To customise the resulting phylogenetic tree and heatmap, edit the R script `network.R` in `coinfinder`.
## Build a presence/abensce and CAZy family number matrices
## Build dendograms based upon CAZome compositions, and compare against the phylogenetic tree
## Map genome and CAZome distances onto a plot
## Directories
Below is a directory plan of this repository, followed by a brief overview of each directories role , to facilitate navigation through the repository.
### **assets**
Directory containing all files needed for the GitHub page, created for easy access to accompanying Jupyter notebooks.
### **docs**
Directory containing files to build documentation hosted at ReadTheDocs.
### **notebooks**
Directory containing all Jupyter notebooks, and html copies used for easier in-browser viewing via the GitHub pages. These notebooks include the data outputs from using `cfv_investigator`, how to use the package and how the package works.
### **tests**
Directory containing all `pytest` files for testing `pyrewton`, including subdirectories for test inputs and targets. Each module/submodule has its own specific test input and target subdirectory.
### **cazomevolve**
Directory containing all `pyrewton` program modules (including all submodules and Python scripts).
<p> </p>
## Modules
_Please find more detailed documentation at for operation and troubleshooting at [Read the Docs](https://phd-project-scripts.readthedocs.io/en/latest/)_
This is an overview of the functionalities of each module within `pyrewton`, as well as basics of operation.
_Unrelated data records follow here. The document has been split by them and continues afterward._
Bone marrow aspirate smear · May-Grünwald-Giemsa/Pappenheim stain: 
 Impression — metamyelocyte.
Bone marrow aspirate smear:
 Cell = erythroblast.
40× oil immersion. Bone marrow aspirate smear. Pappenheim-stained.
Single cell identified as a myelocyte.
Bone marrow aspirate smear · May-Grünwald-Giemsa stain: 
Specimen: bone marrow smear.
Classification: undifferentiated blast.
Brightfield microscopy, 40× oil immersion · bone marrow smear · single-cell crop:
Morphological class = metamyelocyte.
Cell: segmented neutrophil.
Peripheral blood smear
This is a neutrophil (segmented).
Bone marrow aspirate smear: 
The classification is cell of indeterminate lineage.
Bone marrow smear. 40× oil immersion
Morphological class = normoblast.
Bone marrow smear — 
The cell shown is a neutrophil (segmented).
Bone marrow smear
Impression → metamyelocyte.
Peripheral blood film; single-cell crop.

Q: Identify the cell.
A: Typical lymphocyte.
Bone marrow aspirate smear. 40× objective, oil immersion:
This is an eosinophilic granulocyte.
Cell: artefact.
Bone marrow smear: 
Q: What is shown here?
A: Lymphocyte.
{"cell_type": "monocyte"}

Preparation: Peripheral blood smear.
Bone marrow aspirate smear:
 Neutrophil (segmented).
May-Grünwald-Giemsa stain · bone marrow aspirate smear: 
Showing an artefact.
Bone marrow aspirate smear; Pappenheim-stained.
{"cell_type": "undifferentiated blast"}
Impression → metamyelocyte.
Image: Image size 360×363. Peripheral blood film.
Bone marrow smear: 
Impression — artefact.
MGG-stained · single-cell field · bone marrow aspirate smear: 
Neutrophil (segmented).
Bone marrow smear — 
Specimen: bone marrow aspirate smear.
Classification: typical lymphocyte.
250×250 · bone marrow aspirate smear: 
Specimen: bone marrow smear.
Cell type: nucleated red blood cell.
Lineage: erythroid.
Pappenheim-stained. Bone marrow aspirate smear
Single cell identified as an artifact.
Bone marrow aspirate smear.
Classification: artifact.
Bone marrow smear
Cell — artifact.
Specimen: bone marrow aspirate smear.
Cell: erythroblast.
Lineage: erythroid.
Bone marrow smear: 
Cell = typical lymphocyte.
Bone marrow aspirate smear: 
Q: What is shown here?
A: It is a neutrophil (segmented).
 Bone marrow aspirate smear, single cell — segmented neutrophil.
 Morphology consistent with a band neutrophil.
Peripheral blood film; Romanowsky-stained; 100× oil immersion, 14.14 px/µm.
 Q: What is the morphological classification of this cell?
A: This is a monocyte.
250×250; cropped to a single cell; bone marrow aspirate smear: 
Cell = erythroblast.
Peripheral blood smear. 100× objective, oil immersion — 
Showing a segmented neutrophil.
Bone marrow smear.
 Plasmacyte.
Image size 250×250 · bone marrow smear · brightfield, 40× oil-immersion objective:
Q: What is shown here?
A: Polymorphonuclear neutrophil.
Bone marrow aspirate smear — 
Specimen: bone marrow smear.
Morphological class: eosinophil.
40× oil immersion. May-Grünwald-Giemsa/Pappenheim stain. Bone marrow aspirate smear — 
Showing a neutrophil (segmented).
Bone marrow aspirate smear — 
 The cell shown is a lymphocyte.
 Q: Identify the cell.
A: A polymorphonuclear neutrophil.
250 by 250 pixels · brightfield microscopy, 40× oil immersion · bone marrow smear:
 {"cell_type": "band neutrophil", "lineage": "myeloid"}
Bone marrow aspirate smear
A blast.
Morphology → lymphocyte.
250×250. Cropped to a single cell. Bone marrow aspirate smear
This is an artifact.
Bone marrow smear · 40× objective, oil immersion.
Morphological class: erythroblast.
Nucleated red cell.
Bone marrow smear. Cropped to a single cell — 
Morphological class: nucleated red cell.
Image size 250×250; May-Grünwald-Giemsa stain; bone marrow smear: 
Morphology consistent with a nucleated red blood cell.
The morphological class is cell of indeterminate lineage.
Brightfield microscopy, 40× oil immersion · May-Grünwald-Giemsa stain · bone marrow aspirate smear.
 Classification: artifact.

For more detailed documentation on the operation of each module and indiviudal Python scripts please see the documentation at [Read the Docs](https://phd-project-scripts.readthedocs.io/en/latest/)
### **utilities**
Contains all functions that are called from other Python scripts for building command-line parsers and loggers. Includes the submodule **file_io**, which contains functions that are called from other Python scripts for handling directories and files in `pyrewton`, including retrieving program inputs and creating output directories.
### **ncbi**
Modules that are involved in retrieving handling data from NCBI. This includes retrieval of genomic accession numbers and source organism taxonomic data.
### **covariance**
Modules that build the data set required for calculating the covariance, calculate the covariance of CAZy family annotations for all genomic accessions retrieved and taxonomic specific groups.